There is a circuit-breaker Labour could use for this election, but will not.
If they acknowledged that welfare had warped from its founders’ dreams to become the destroyer of personal pride, of our national work ethic, of family strength, and even of race relations, and promised to provide only sustenance in kind (not cash) to able-bodied working age people without dependants, the effect would be like Dr Brash’s Orewa speech.
I wondered for a moment whether that was Dr Cullen’s cunning plan when I heard that he’d talked recently about benefits in kind (food stamps?) but I’ve seen no more signs of his kite. The woeful government response to Dr van Herck confirms that in Labour, thinking on welfare policy has remained taboo since the ‘deserving’ became anathema under the 1972 government.
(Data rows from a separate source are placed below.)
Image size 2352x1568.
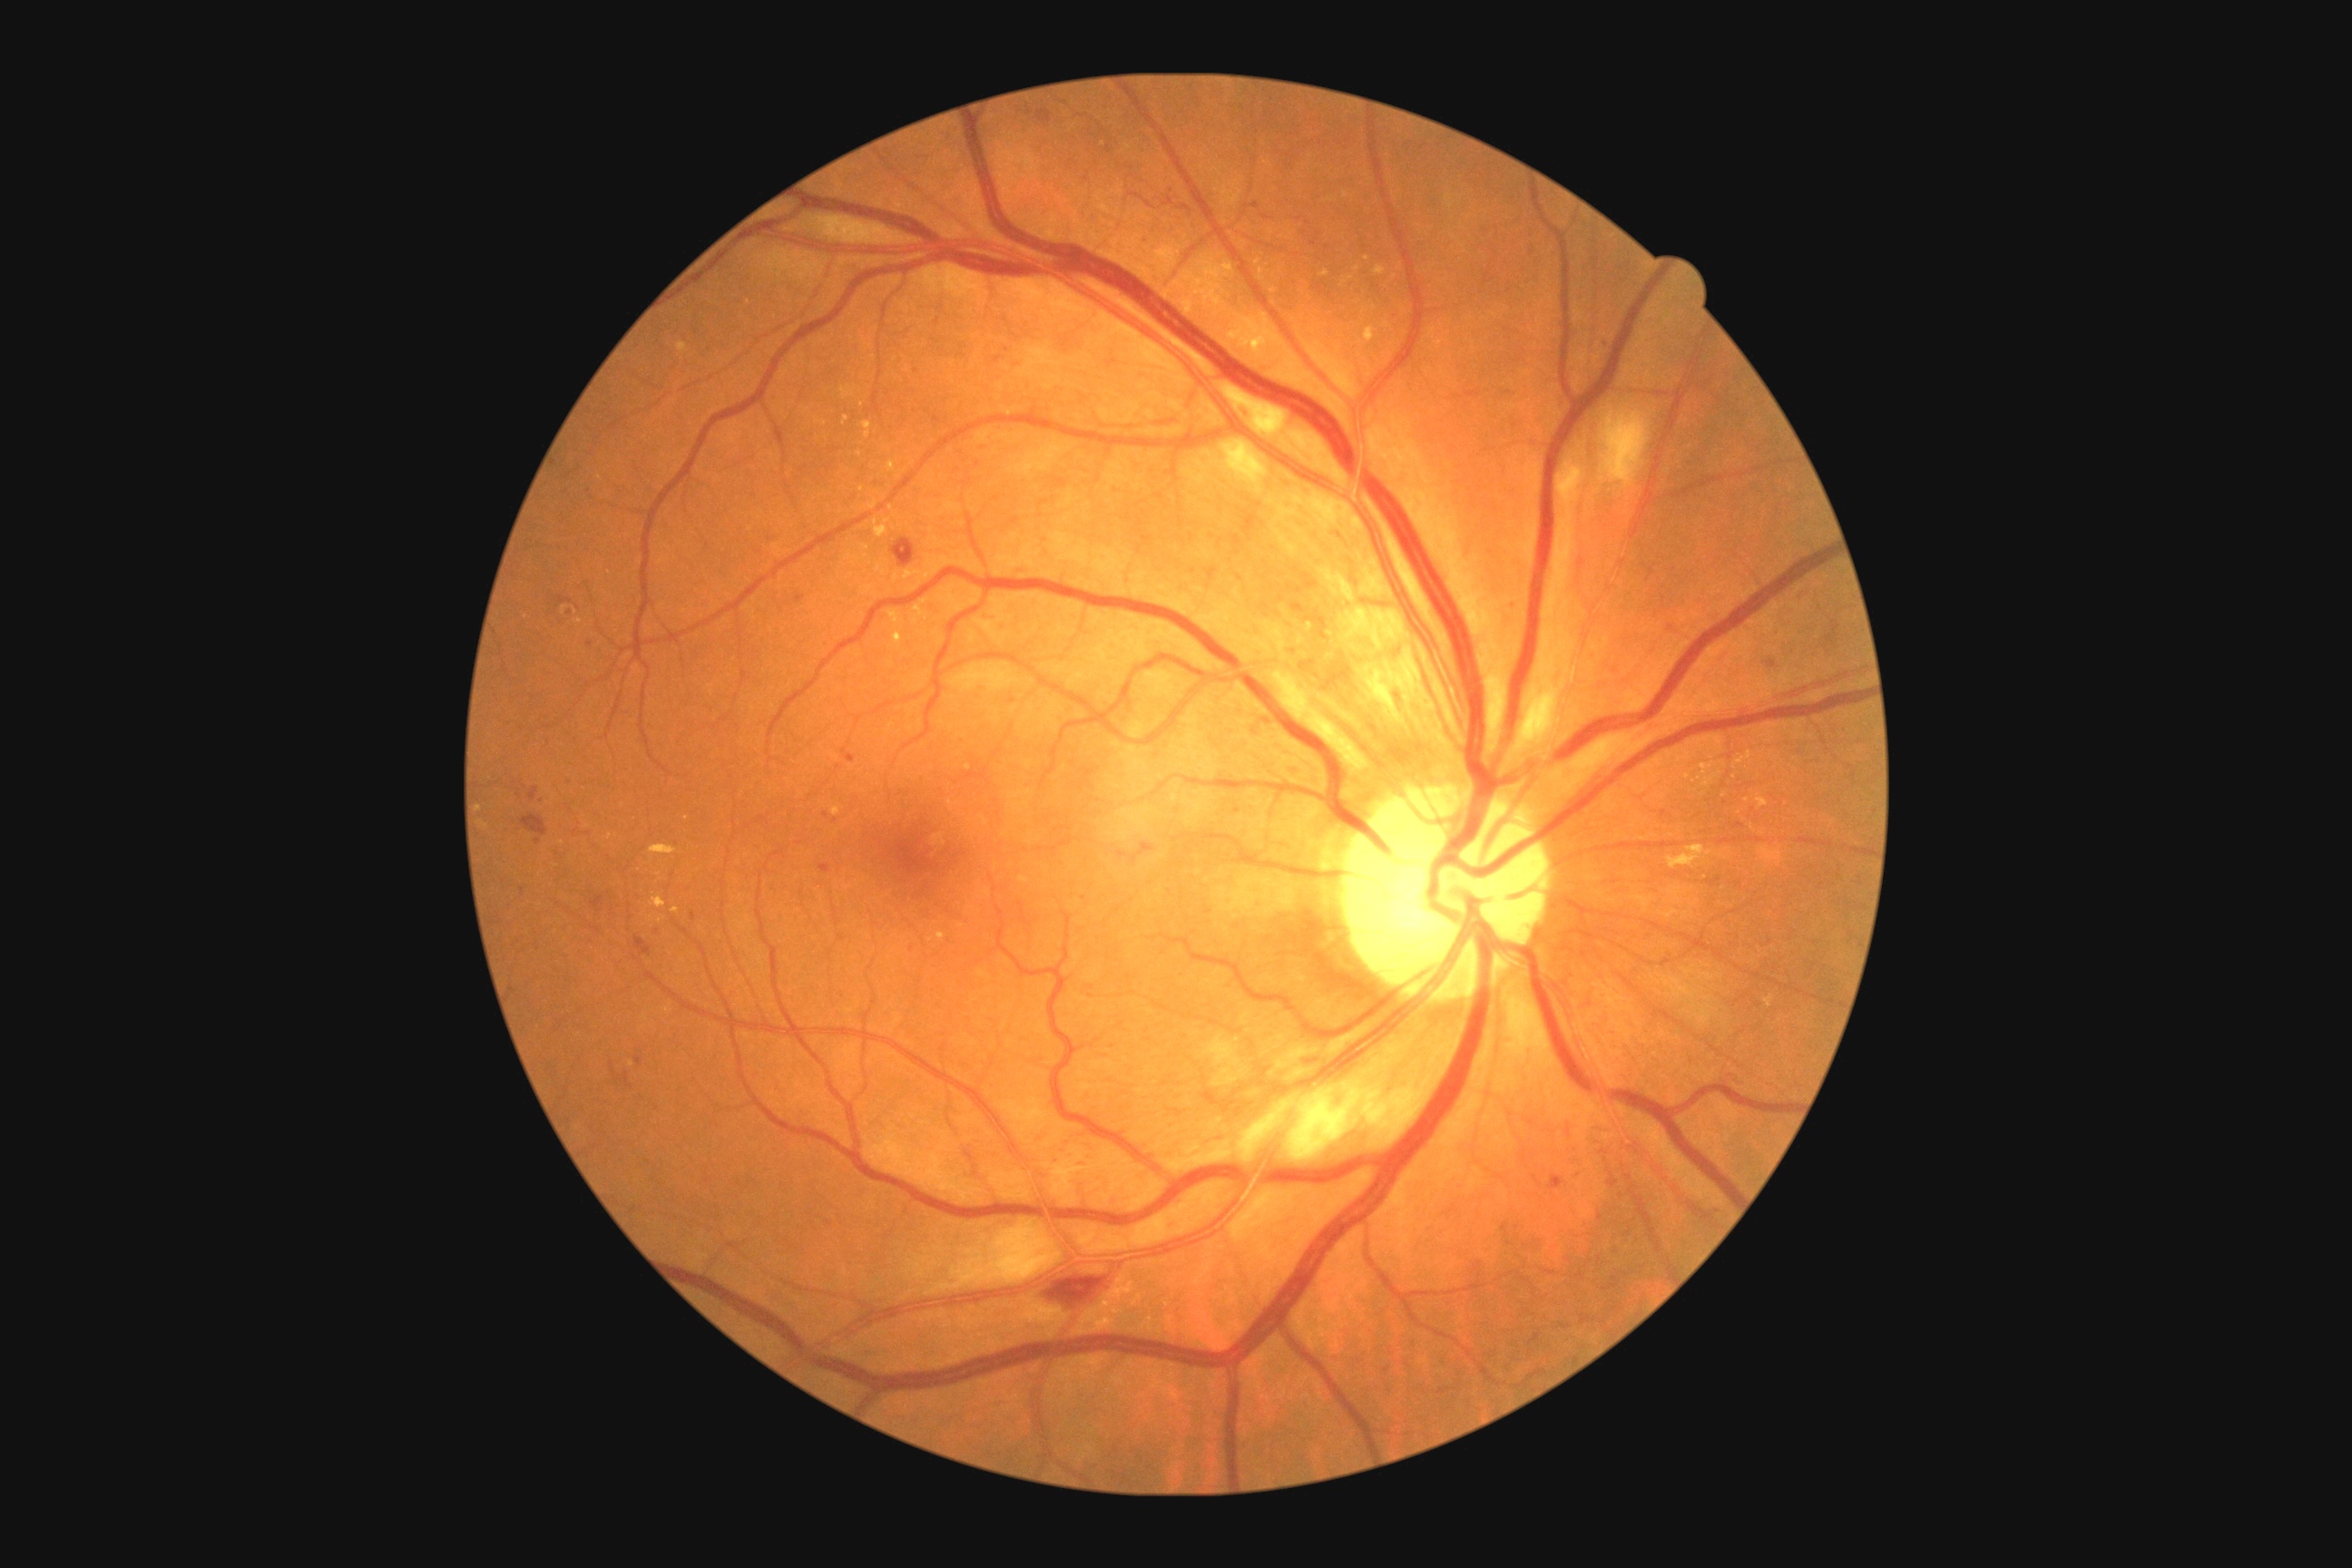 Diabetic retinopathy (DR): 2.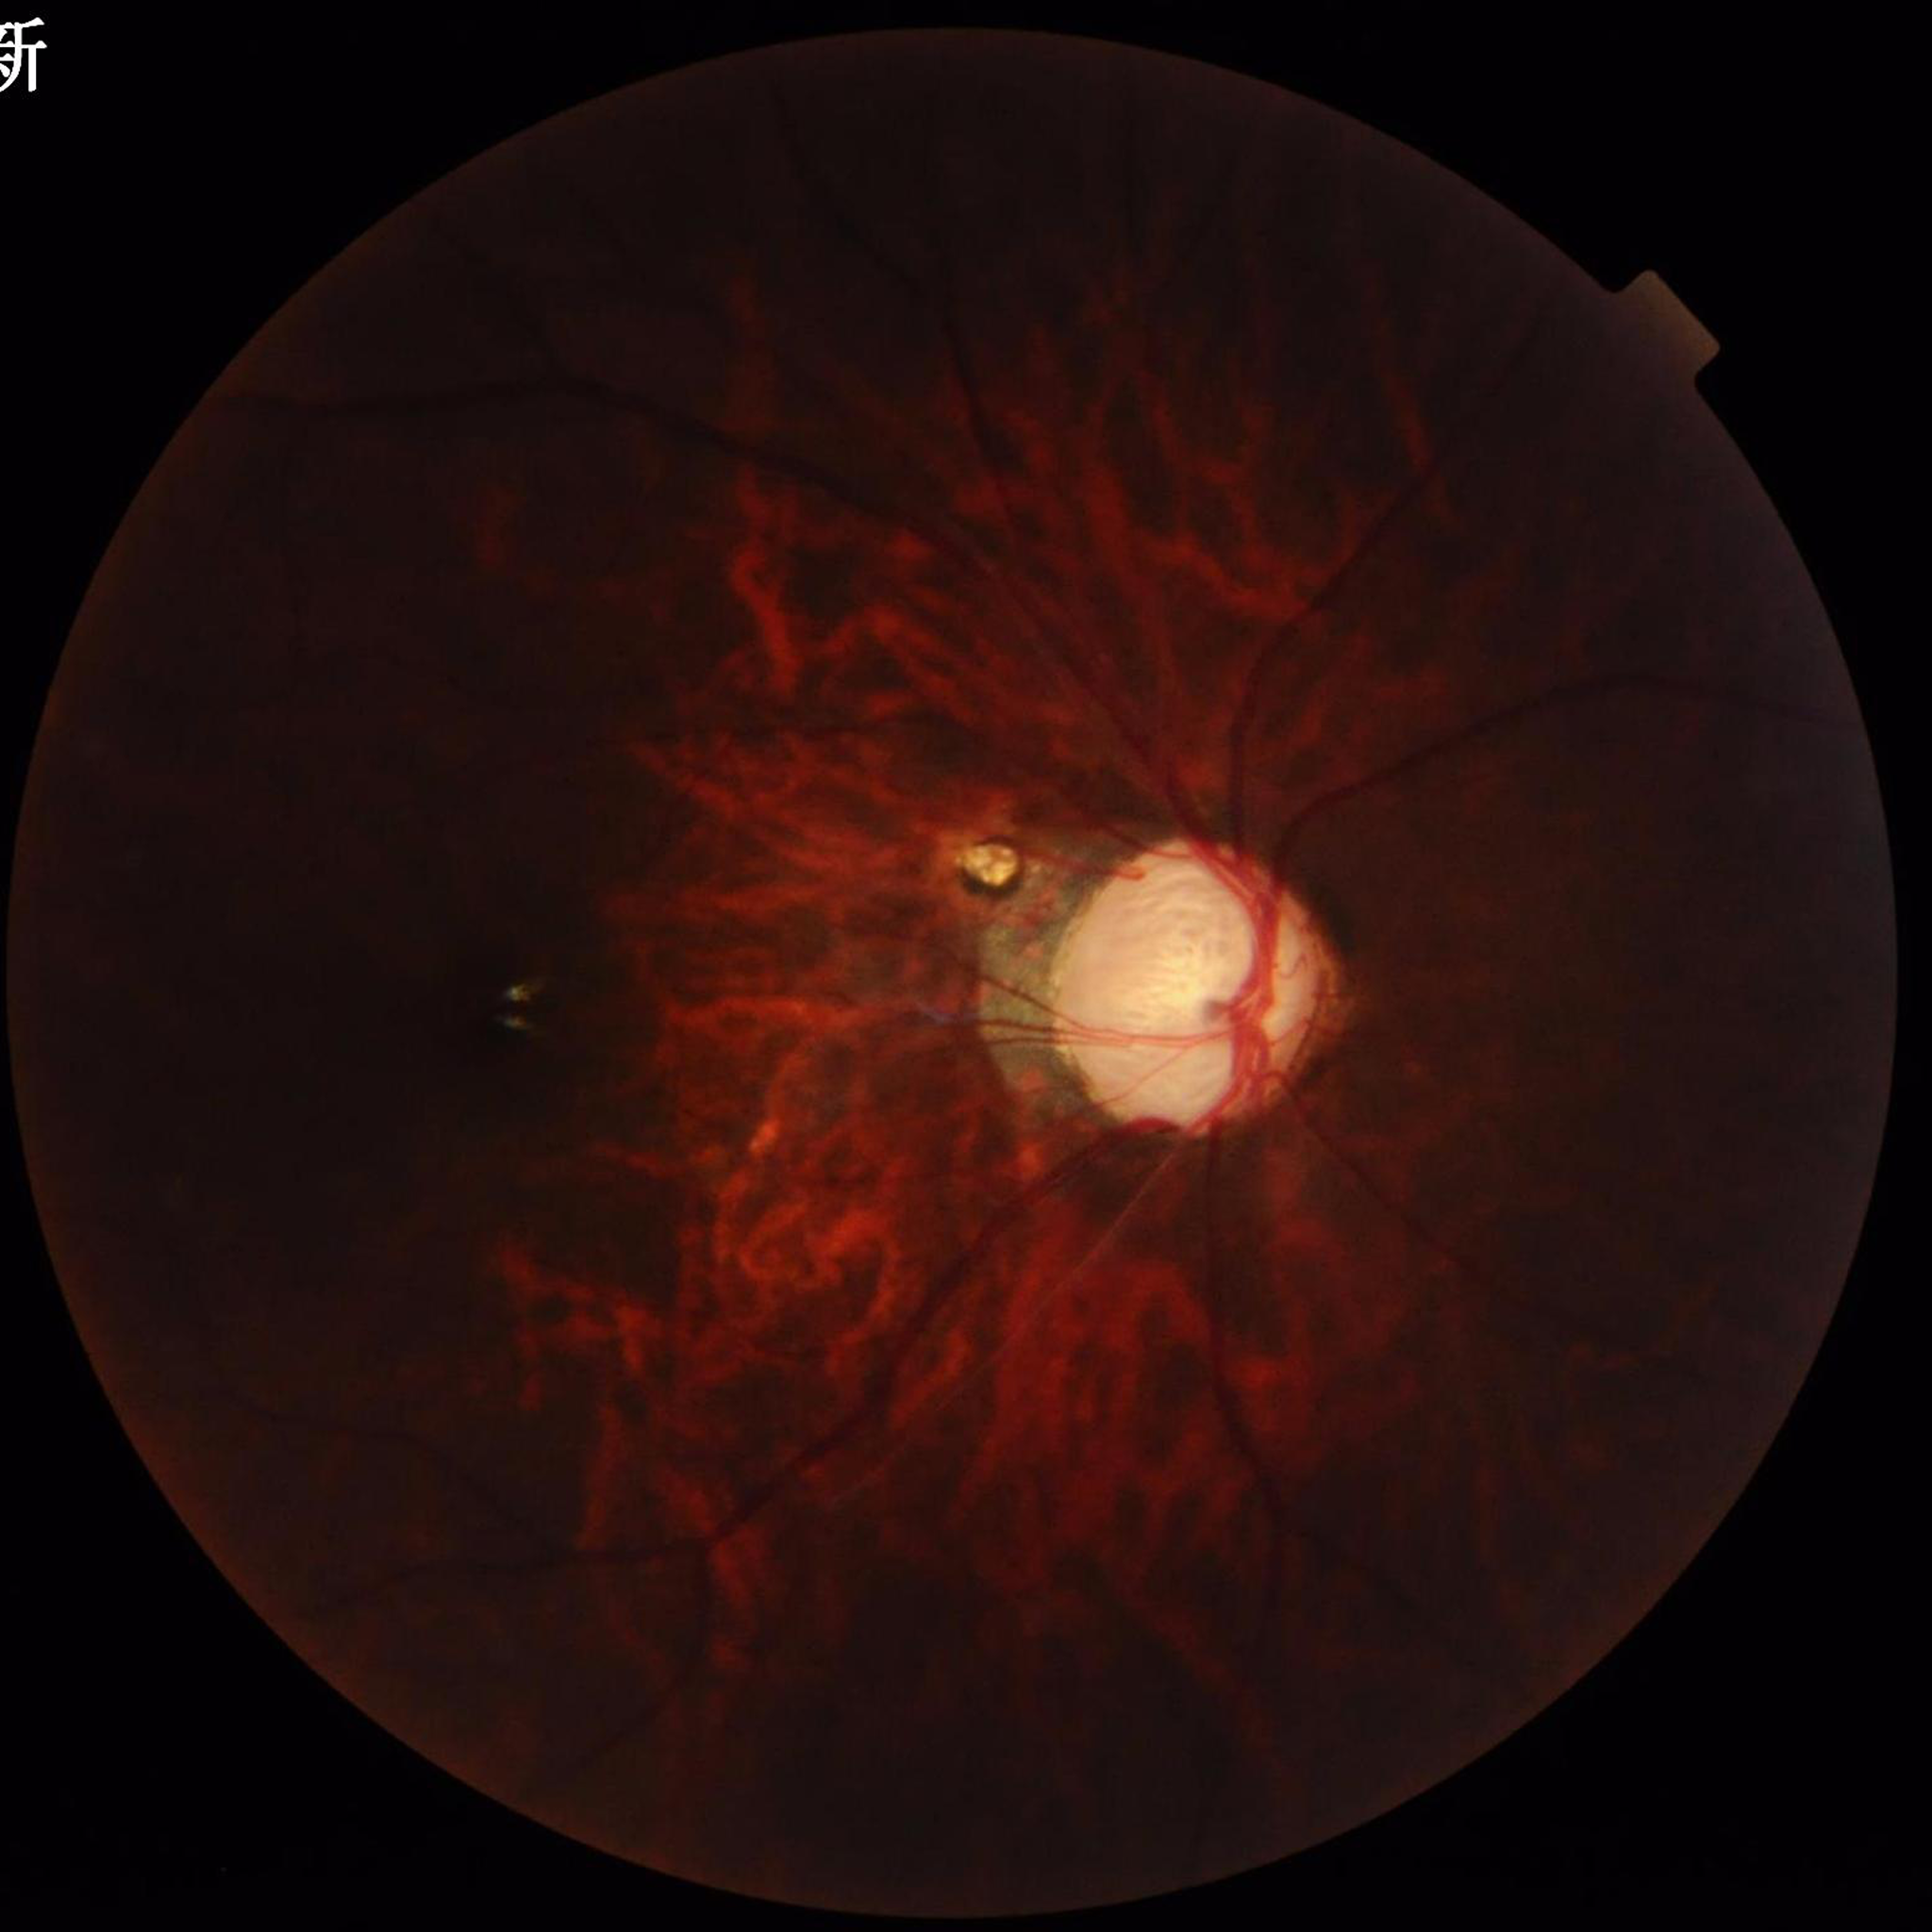
Eye affected by glaucoma. Quality assessment: issues noted — illumination/color distortion, blur.
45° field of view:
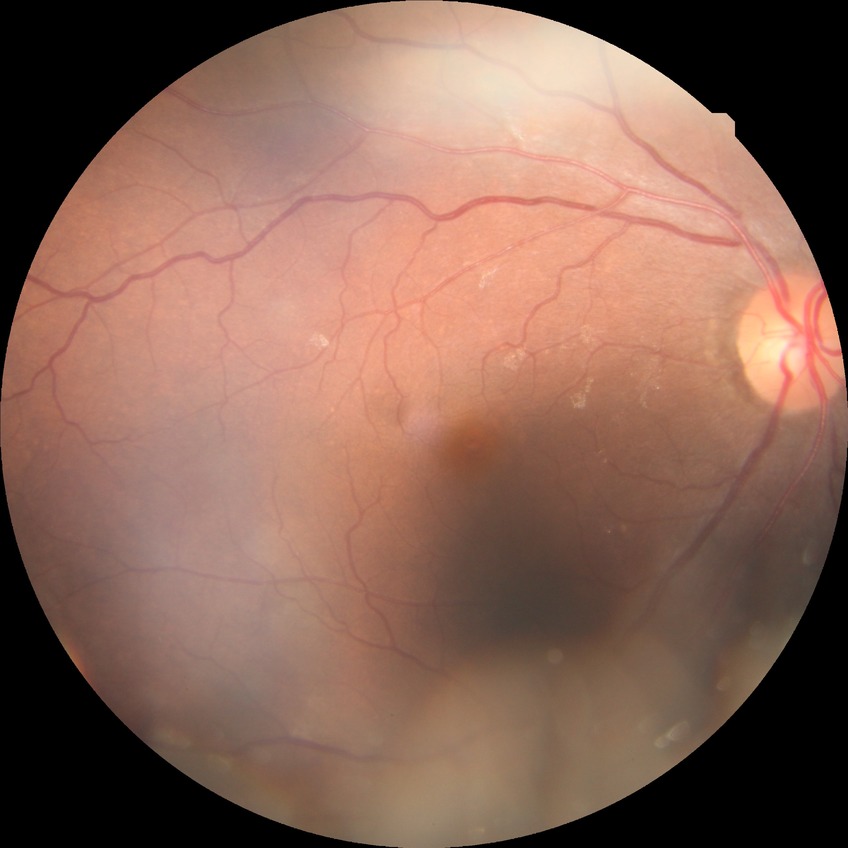 DR impression=no signs of DR, modified Davis grade=NDR.
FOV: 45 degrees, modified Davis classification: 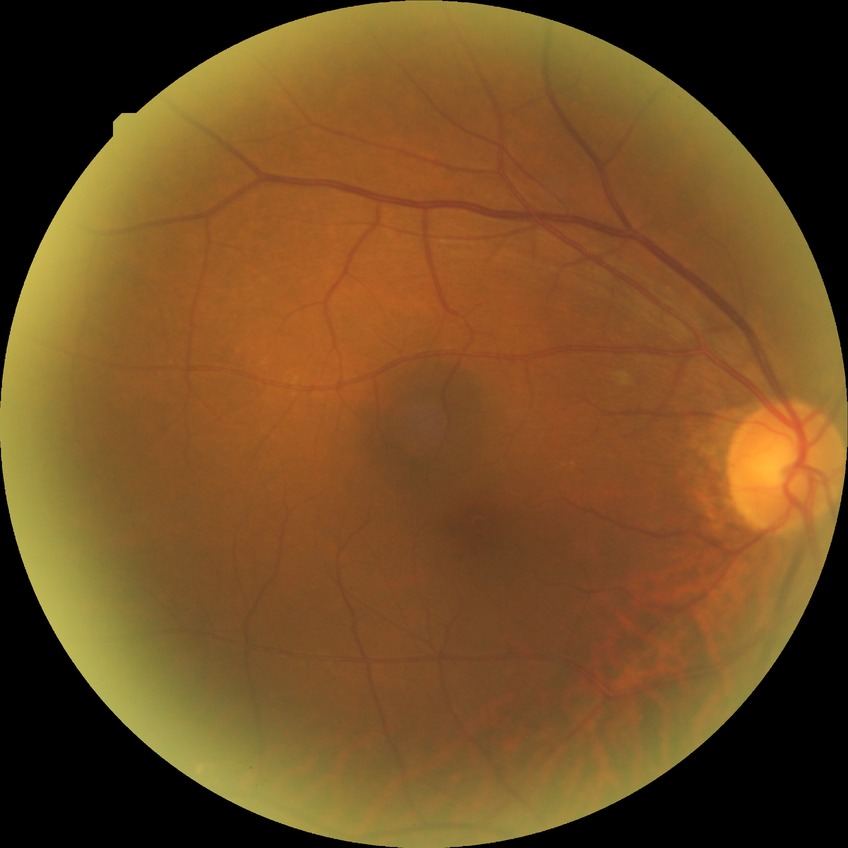 {
  "davis_grade": "no diabetic retinopathy"
}

Such a dramatic u-turn by Labour would free hundreds of thousands of timid New Zealanders to say what they’d been thinking, as confirmed by courageous Dr Tom van Herck. It would re-capture for Labour many votes from the industrious immigrant communities who hate seeing their childrens’ values undermined by money with no strings. It would end the current situation where National does not need to announce policy, for it would only distract voters from Labour’s moral squalor. It would drag over that squalor the tattered blanket of the decency that drove the stern men who conceived the welfare state as help for the deserving poor, not the lazy and the anti-social.
I assume it would outflank National (though our policy is yet to be announced).
So National’s Judith Collins (who should justly be proud of her role in leading to the current Vietnam apologies) is not likely to be left to shout “told you so” as welfare policy is made a centre point of this election.
Originally, welfare was a safety net to ensure people didn’t starve or have live on the streets. Now, the left unashamedly say its function is to reduce the gap between rich and poor. So providing the safety net is not enough: if the less well off are too far behind the best off, welfare should bridge the gap. This is a quite different thing.